Data were retrospectively collected from PERT activations between January 2016 and December 2018. Chi square tests were used to determine differences in mortality across the three years of study. Logistic regression was used to evaluate 30- and 90-day mortality and occurrence of major bleeds between those receiving anticoagulation alone (AC) and those receiving advanced reperfusion therapy (ART).

RESULTS

There were 128 PERT activations over three years, the majority originating from the emergency department.

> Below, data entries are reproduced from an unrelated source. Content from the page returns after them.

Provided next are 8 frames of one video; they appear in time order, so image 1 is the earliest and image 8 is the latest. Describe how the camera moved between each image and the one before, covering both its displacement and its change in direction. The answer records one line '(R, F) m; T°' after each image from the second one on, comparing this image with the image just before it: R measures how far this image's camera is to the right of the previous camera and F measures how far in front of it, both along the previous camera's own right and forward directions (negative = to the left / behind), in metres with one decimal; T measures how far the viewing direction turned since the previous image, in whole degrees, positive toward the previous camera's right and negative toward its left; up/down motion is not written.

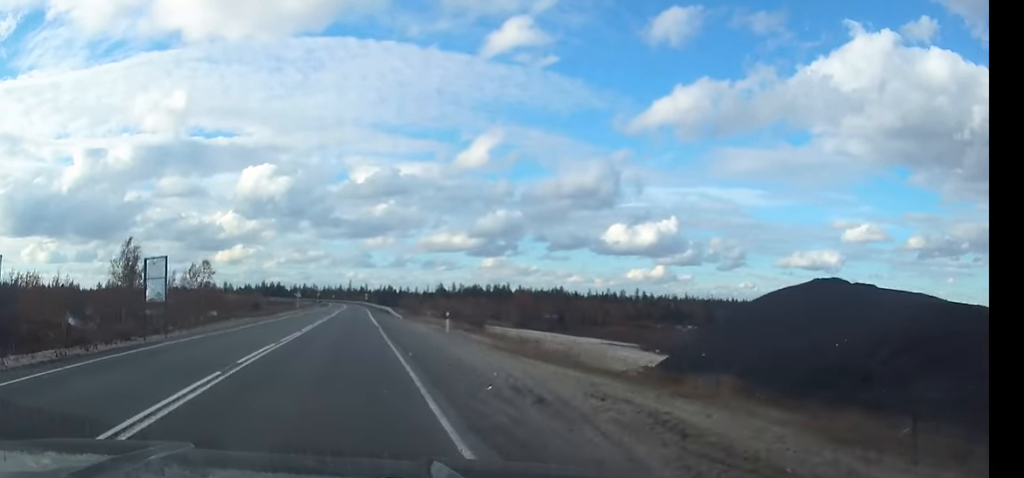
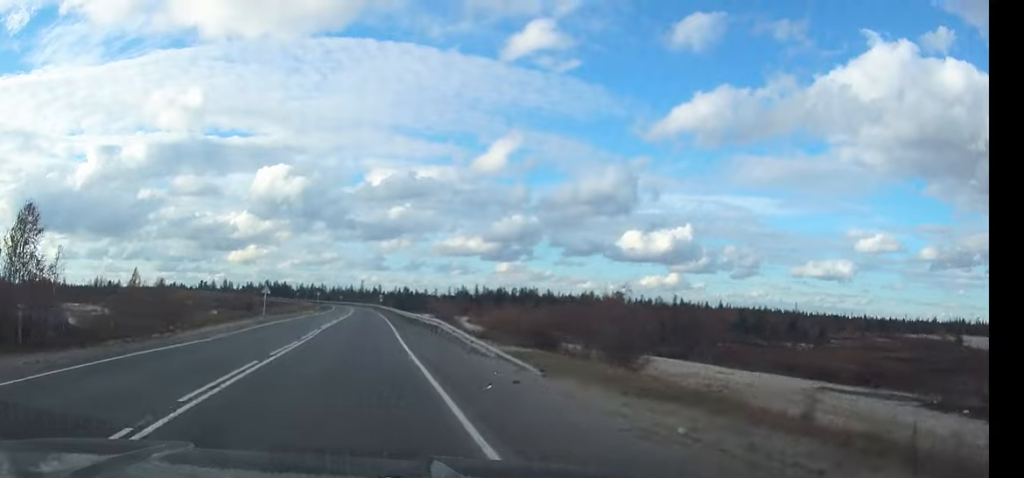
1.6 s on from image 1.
(-0.3, +36.7) m; -1°
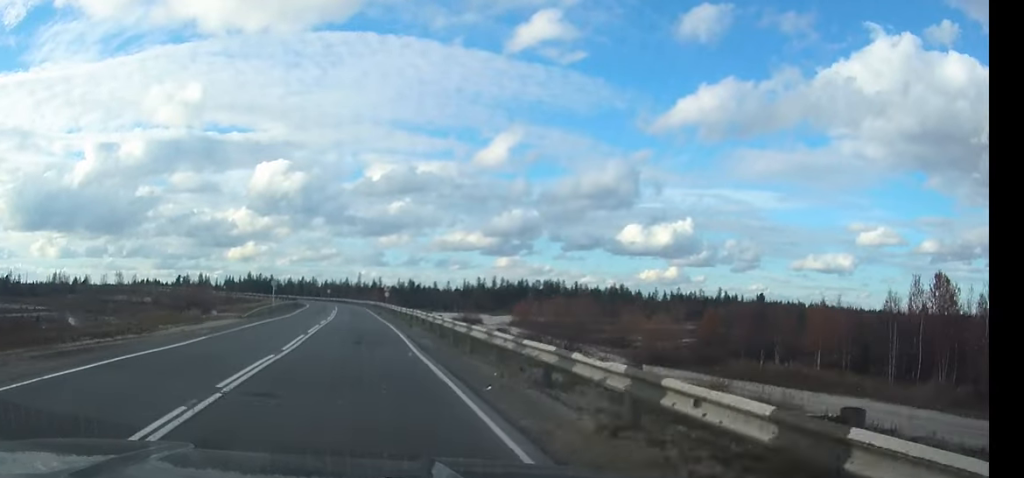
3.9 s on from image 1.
(-0.2, +53.6) m; -1°
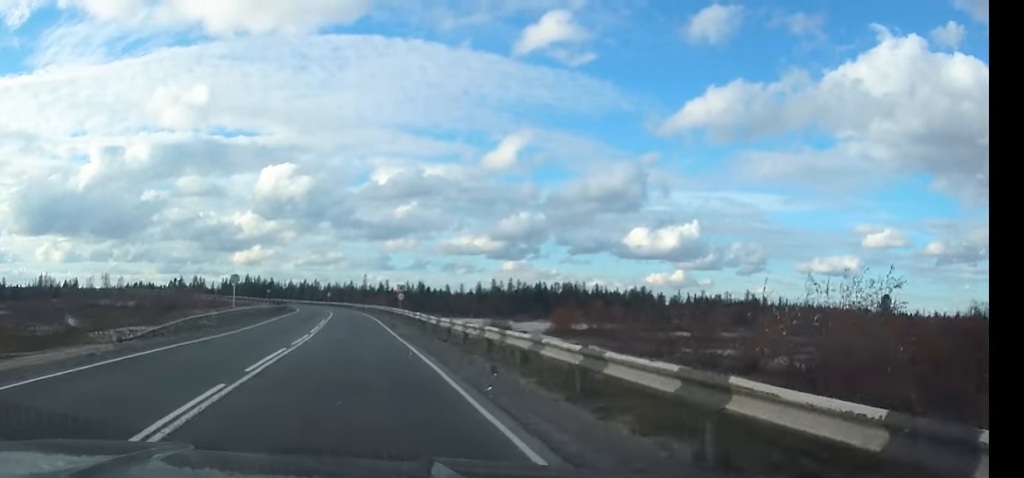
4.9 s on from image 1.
(0.0, +23.7) m; -1°
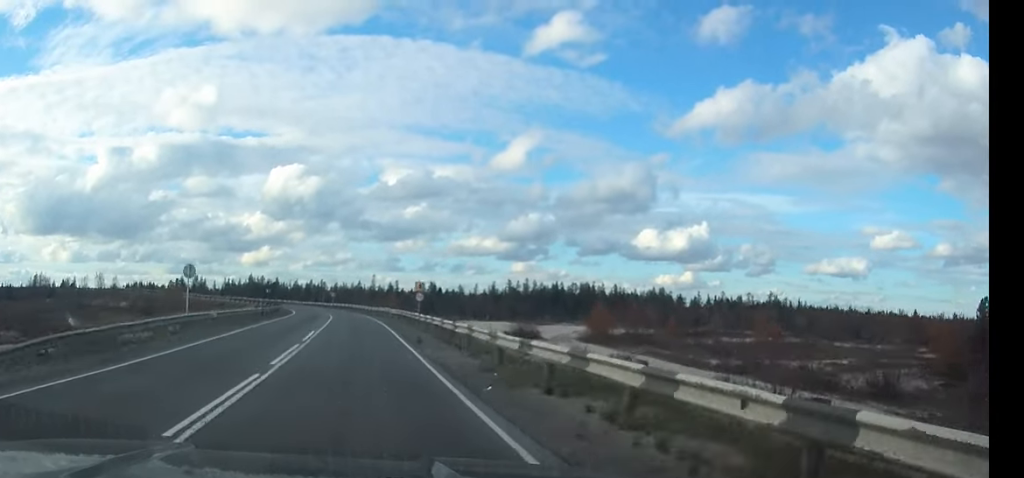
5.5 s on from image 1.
(-0.2, +13.5) m; -1°
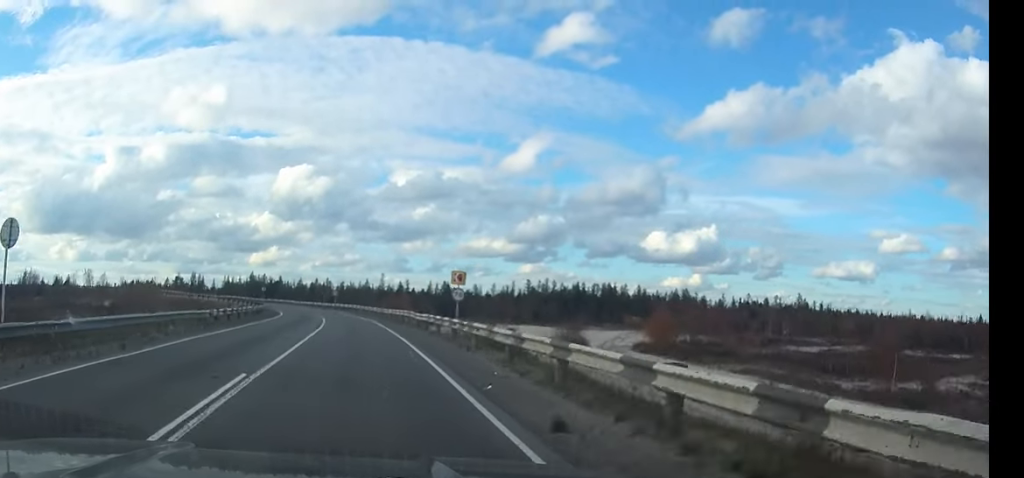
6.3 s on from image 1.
(0.0, +18.7) m; -1°
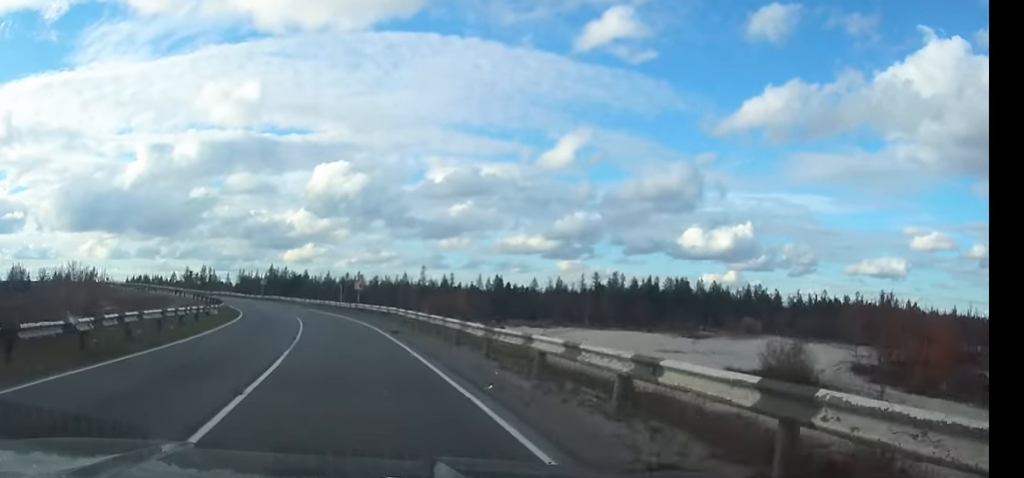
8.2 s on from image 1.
(-1.6, +39.3) m; -6°
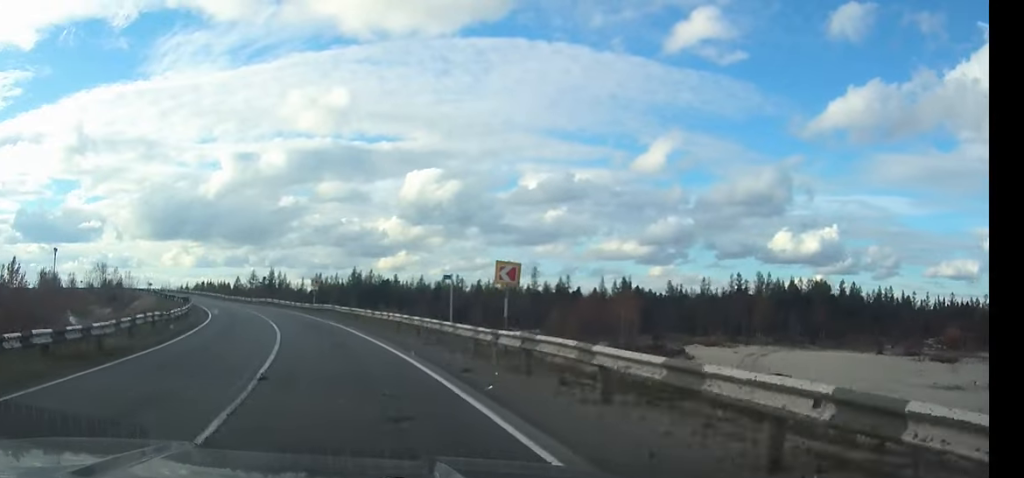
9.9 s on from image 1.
(-2.7, +33.9) m; -10°

Eighty-five percent of activations were for submassive PE, with 56% of all activations assessed as submassive-high risk. Fifteen patients (12%) presented with massive PE. Advanced reperfusion therapy was used in 29 (23%) patients, of whom 25 (20%) received catheter-directed thrombolysis. There was an increased risk of major bleeding in the ART group compared with in the AC group (odds ratio [OR], 17.9; 95% confidence interval [CI], 4.1 to 125.0; P < 0.001), but no increased risk of mortality at 30 days (OR, 2.1; 95% CI, 0.4 to 9.1; P = 0.3). The 30-day mortality rate was 7.8%.

CONCLUSION

We describe the first Canadian PERT, a multidisciplinary team aimed at providing urgent individualized care for patients with high-risk PE. Further research is necessary to determine whether a PERT improves clinical outcomes.

摘要

目的

在管理具有高危肺栓塞(PE)表现的患者时,新型再灌注治疗(如导管定向溶栓)的应用产生了临床均势。治疗选择取决于临床表现、患者因素、医生偏好和机构可及性。我们建立了肺栓塞反应团队(PERT),为我院具有高危 PE 的患者提供紧急评估和多学科护理。

方法

回顾性收集了 2016 年 1 月至 2018 年 12 月期间 PERT 激活的数据。卡方检验用于确定三年研究期间死亡率的差异。Logistic 回归用于评估单独抗凝治疗(AC)与接受高级再灌注治疗(ART)的患者之间的 30 天和 90 天死亡率和主要出血的发生情况。

结果

在三年期间,共进行了 128 次 PERT 激活,其中大多数来自急诊科。85%的激活是为亚大块 PE,所有激活中有 56%被评估为亚大块高危。15 名患者(12%)表现为大块 PE。29 名患者(23%)使用了高级再灌注治疗,其中 25 名(20%)接受了导管定向溶栓。与 AC 组相比,ART 组发生大出血的风险增加(优势比[OR],17.9;95%置信区间[CI],4.1 至 125.0;P < 0.001),但 30 天死亡率无增加(OR,2.1;95% CI,0.4 至 9.1;P = 0.3)。30 天死亡率为 7.8%。

结论

我们描述了第一个加拿大 PERT,这是一个多学科团队,旨在为具有高危 PE 的患者提供紧急个体化护理。需要进一步研究以确定 PERT 是否能改善临床结局。